RECORDED DATA:
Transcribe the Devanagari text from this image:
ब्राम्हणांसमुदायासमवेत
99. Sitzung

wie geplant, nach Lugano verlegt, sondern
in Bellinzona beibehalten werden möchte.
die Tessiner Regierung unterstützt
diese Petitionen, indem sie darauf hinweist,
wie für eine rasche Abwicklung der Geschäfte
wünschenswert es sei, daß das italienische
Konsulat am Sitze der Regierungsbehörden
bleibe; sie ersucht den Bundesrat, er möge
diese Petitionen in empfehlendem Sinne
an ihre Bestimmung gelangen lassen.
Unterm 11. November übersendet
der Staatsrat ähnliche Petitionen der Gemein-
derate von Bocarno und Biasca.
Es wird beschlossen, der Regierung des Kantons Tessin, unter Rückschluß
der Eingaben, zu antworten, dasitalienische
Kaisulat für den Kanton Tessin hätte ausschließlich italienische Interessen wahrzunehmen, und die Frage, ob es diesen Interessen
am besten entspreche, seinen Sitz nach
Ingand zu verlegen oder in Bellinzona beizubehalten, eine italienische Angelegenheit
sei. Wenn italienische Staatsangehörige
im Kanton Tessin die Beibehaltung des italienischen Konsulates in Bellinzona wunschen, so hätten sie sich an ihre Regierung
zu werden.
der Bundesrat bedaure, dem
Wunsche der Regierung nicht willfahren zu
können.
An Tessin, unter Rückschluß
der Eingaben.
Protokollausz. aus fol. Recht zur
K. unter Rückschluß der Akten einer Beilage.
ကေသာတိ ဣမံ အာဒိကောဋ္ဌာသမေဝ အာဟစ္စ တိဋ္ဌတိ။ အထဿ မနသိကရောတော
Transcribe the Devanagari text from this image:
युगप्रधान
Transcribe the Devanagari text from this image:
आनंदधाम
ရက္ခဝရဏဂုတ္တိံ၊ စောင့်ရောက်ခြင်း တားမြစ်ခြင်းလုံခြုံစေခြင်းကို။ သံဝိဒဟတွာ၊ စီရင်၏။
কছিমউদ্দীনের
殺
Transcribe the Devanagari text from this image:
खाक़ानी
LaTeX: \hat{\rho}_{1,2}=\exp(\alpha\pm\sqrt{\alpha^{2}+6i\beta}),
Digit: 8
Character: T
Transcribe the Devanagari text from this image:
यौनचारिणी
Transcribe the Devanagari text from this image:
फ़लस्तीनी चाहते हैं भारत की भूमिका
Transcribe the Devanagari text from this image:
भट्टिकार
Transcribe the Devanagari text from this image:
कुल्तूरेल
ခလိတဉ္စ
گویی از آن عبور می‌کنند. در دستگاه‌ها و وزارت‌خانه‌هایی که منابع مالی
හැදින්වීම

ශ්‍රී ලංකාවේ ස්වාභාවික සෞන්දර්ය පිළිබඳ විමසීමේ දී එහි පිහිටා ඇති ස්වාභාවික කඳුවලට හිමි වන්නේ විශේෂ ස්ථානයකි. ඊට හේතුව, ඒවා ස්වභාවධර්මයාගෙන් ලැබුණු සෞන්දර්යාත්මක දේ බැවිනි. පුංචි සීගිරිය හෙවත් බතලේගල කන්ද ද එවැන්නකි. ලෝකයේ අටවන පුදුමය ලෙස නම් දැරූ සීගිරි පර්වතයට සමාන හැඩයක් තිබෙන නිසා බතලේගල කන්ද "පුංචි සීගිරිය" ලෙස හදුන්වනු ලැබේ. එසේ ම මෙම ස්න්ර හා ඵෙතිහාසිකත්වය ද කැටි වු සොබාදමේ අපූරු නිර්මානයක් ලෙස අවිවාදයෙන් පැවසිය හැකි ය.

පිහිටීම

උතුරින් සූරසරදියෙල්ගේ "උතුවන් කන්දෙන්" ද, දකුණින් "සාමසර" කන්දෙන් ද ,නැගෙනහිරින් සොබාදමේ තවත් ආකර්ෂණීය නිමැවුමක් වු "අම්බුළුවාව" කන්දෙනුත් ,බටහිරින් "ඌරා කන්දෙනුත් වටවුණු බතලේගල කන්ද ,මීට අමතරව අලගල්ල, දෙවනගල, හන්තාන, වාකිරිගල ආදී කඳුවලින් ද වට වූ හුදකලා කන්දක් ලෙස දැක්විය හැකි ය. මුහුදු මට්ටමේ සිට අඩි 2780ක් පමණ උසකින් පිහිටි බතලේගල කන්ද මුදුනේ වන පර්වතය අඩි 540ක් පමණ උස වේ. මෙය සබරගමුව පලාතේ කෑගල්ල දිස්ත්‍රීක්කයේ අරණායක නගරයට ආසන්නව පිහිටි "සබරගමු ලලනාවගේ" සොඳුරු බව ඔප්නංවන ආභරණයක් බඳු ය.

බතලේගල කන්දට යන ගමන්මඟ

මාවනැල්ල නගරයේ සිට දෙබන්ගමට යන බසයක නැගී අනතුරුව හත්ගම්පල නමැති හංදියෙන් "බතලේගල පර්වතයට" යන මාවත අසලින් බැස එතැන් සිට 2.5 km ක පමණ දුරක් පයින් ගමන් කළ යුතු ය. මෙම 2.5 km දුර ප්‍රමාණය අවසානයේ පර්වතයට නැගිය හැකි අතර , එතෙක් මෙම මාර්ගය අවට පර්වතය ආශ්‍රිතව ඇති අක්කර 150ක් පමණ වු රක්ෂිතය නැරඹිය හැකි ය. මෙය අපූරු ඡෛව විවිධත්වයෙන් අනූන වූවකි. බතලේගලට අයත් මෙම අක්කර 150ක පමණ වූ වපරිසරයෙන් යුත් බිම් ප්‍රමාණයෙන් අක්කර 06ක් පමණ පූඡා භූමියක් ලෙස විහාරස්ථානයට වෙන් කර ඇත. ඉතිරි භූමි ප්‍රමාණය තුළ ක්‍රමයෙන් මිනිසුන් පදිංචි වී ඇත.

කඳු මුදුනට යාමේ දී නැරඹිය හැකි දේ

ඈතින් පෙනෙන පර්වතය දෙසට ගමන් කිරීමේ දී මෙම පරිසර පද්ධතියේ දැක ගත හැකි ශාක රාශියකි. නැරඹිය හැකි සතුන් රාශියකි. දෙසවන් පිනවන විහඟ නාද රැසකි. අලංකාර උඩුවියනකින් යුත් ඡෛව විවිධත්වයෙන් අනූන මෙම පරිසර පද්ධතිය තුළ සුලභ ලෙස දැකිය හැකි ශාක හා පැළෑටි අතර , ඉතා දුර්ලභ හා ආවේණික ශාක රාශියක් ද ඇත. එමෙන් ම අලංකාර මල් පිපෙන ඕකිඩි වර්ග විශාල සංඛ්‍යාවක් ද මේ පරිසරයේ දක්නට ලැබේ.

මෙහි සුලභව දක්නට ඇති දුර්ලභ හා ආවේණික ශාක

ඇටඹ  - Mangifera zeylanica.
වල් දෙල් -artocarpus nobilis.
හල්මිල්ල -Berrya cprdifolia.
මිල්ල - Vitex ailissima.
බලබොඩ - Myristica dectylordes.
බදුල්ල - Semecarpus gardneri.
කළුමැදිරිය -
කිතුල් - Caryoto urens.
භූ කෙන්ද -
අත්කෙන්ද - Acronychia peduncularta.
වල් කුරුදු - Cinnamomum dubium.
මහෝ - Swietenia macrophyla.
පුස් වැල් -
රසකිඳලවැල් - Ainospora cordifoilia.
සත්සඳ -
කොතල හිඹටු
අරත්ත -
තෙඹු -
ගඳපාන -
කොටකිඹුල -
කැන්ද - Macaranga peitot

ABOUT THIS EXERCISE:
Hand back the material above in full, exactly as written.

RESPONSE BOX:
Transcribe the Devanagari text from this image:
ब्राम्हणांसमुदायासमवेत
99. Sitzung

wie geplant, nach Lugano verlegt, sondern
in Bellinzona beibehalten werden möchte.
die Tessiner Regierung unterstützt
diese Petitionen, indem sie darauf hinweist,
wie für eine rasche Abwicklung der Geschäfte
wünschenswert es sei, daß das italienische
Konsulat am Sitze der Regierungsbehörden
bleibe; sie ersucht den Bundesrat, er möge
diese Petitionen in empfehlendem Sinne
an ihre Bestimmung gelangen lassen.
Unterm 11. November übersendet
der Staatsrat ähnliche Petitionen der Gemein-
derate von Bocarno und Biasca.
Es wird beschlossen, der Regierung des Kantons Tessin, unter Rückschluß
der Eingaben, zu antworten, dasitalienische
Kaisulat für den Kanton Tessin hätte ausschließlich italienische Interessen wahrzunehmen, und die Frage, ob es diesen Interessen
am besten entspreche, seinen Sitz nach
Ingand zu verlegen oder in Bellinzona beizubehalten, eine italienische Angelegenheit
sei. Wenn italienische Staatsangehörige
im Kanton Tessin die Beibehaltung des italienischen Konsulates in Bellinzona wunschen, so hätten sie sich an ihre Regierung
zu werden.
der Bundesrat bedaure, dem
Wunsche der Regierung nicht willfahren zu
können.
An Tessin, unter Rückschluß
der Eingaben.
Protokollausz. aus fol. Recht zur
K. unter Rückschluß der Akten einer Beilage.
ကေသာတိ ဣမံ အာဒိကောဋ္ဌာသမေဝ အာဟစ္စ တိဋ္ဌတိ။ အထဿ မနသိကရောတော
Transcribe the Devanagari text from this image:
युगप्रधान
Transcribe the Devanagari text from this image:
आनंदधाम
ရက္ခဝရဏဂုတ္တိံ၊ စောင့်ရောက်ခြင်း တားမြစ်ခြင်းလုံခြုံစေခြင်းကို။ သံဝိဒဟတွာ၊ စီရင်၏။
কছিমউদ্দীনের
殺
Transcribe the Devanagari text from this image:
खाक़ानी
LaTeX: \hat{\rho}_{1,2}=\exp(\alpha\pm\sqrt{\alpha^{2}+6i\beta}),
Digit: 8
Character: T
Transcribe the Devanagari text from this image:
यौनचारिणी
Transcribe the Devanagari text from this image:
फ़लस्तीनी चाहते हैं भारत की भूमिका
Transcribe the Devanagari text from this image:
भट्टिकार
Transcribe the Devanagari text from this image:
कुल्तूरेल
ခလိတဉ္စ
گویی از آن عبور می‌کنند. در دستگاه‌ها و وزارت‌خانه‌هایی که منابع مالی
හැදින්වීම

ශ්‍රී ලංකාවේ ස්වාභාවික සෞන්දර්ය පිළිබඳ විමසීමේ දී එහි පිහිටා ඇති ස්වාභාවික කඳුවලට හිමි වන්නේ විශේෂ ස්ථානයකි. ඊට හේතුව, ඒවා ස්වභාවධර්මයාගෙන් ලැබුණු සෞන්දර්යාත්මක දේ බැවිනි. පුංචි සීගිරිය හෙවත් බතලේගල කන්ද ද එවැන්නකි. ලෝකයේ අටවන පුදුමය ලෙස නම් දැරූ සීගිරි පර්වතයට සමාන හැඩයක් තිබෙන නිසා බතලේගල කන්ද "පුංචි සීගිරිය" ලෙස හදුන්වනු ලැබේ. එසේ ම මෙම ස්න්ර හා ඵෙතිහාසිකත්වය ද කැටි වු සොබාදමේ අපූරු නිර්මානයක් ලෙස අවිවාදයෙන් පැවසිය හැකි ය.

පිහිටීම

උතුරින් සූරසරදියෙල්ගේ "උතුවන් කන්දෙන්" ද, දකුණින් "සාමසර" කන්දෙන් ද ,නැගෙනහිරින් සොබාදමේ තවත් ආකර්ෂණීය නිමැවුමක් වු "අම්බුළුවාව" කන්දෙනුත් ,බටහිරින් "ඌරා කන්දෙනුත් වටවුණු බතලේගල කන්ද ,මීට අමතරව අලගල්ල, දෙවනගල, හන්තාන, වාකිරිගල ආදී කඳුවලින් ද වට වූ හුදකලා කන්දක් ලෙස දැක්විය හැකි ය. මුහුදු මට්ටමේ සිට අඩි 2780ක් පමණ උසකින් පිහිටි බතලේගල කන්ද මුදුනේ වන පර්වතය අඩි 540ක් පමණ උස වේ. මෙය සබරගමුව පලාතේ කෑගල්ල දිස්ත්‍රීක්කයේ අරණායක නගරයට ආසන්නව පිහිටි "සබරගමු ලලනාවගේ" සොඳුරු බව ඔප්නංවන ආභරණයක් බඳු ය.

බතලේගල කන්දට යන ගමන්මඟ

මාවනැල්ල නගරයේ සිට දෙබන්ගමට යන බසයක නැගී අනතුරුව හත්ගම්පල නමැති හංදියෙන් "බතලේගල පර්වතයට" යන මාවත අසලින් බැස එතැන් සිට 2.5 km ක පමණ දුරක් පයින් ගමන් කළ යුතු ය. මෙම 2.5 km දුර ප්‍රමාණය අවසානයේ පර්වතයට නැගිය හැකි අතර , එතෙක් මෙම මාර්ගය අවට පර්වතය ආශ්‍රිතව ඇති අක්කර 150ක් පමණ වු රක්ෂිතය නැරඹිය හැකි ය. මෙය අපූරු ඡෛව විවිධත්වයෙන් අනූන වූවකි. බතලේගලට අයත් මෙම අක්කර 150ක පමණ වූ වපරිසරයෙන් යුත් බිම් ප්‍රමාණයෙන් අක්කර 06ක් පමණ පූඡා භූමියක් ලෙස විහාරස්ථානයට වෙන් කර ඇත. ඉතිරි භූමි ප්‍රමාණය තුළ ක්‍රමයෙන් මිනිසුන් පදිංචි වී ඇත.

කඳු මුදුනට යාමේ දී නැරඹිය හැකි දේ

ඈතින් පෙනෙන පර්වතය දෙසට ගමන් කිරීමේ දී මෙම පරිසර පද්ධතියේ දැක ගත හැකි ශාක රාශියකි. නැරඹිය හැකි සතුන් රාශියකි. දෙසවන් පිනවන විහඟ නාද රැසකි. අලංකාර උඩුවියනකින් යුත් ඡෛව විවිධත්වයෙන් අනූන මෙම පරිසර පද්ධතිය තුළ සුලභ ලෙස දැකිය හැකි ශාක හා පැළෑටි අතර , ඉතා දුර්ලභ හා ආවේණික ශාක රාශියක් ද ඇත. එමෙන් ම අලංකාර මල් පිපෙන ඕකිඩි වර්ග විශාල සංඛ්‍යාවක් ද මේ පරිසරයේ දක්නට ලැබේ.

මෙහි සුලභව දක්නට ඇති දුර්ලභ හා ආවේණික ශාක

ඇටඹ  - Mangifera zeylanica.
වල් දෙල් -artocarpus nobilis.
හල්මිල්ල -Berrya cprdifolia.
මිල්ල - Vitex ailissima.
බලබොඩ - Myristica dectylordes.
බදුල්ල - Semecarpus gardneri.
කළුමැදිරිය -
කිතුල් - Caryoto urens.
භූ කෙන්ද -
අත්කෙන්ද - Acronychia peduncularta.
වල් කුරුදු - Cinnamomum dubium.
මහෝ - Swietenia macrophyla.
පුස් වැල් -
රසකිඳලවැල් - Ainospora cordifoilia.
සත්සඳ -
කොතල හිඹටු
අරත්ත -
තෙඹු -
ගඳපාන -
කොටකිඹුල -
කැන්ද - Macaranga peitot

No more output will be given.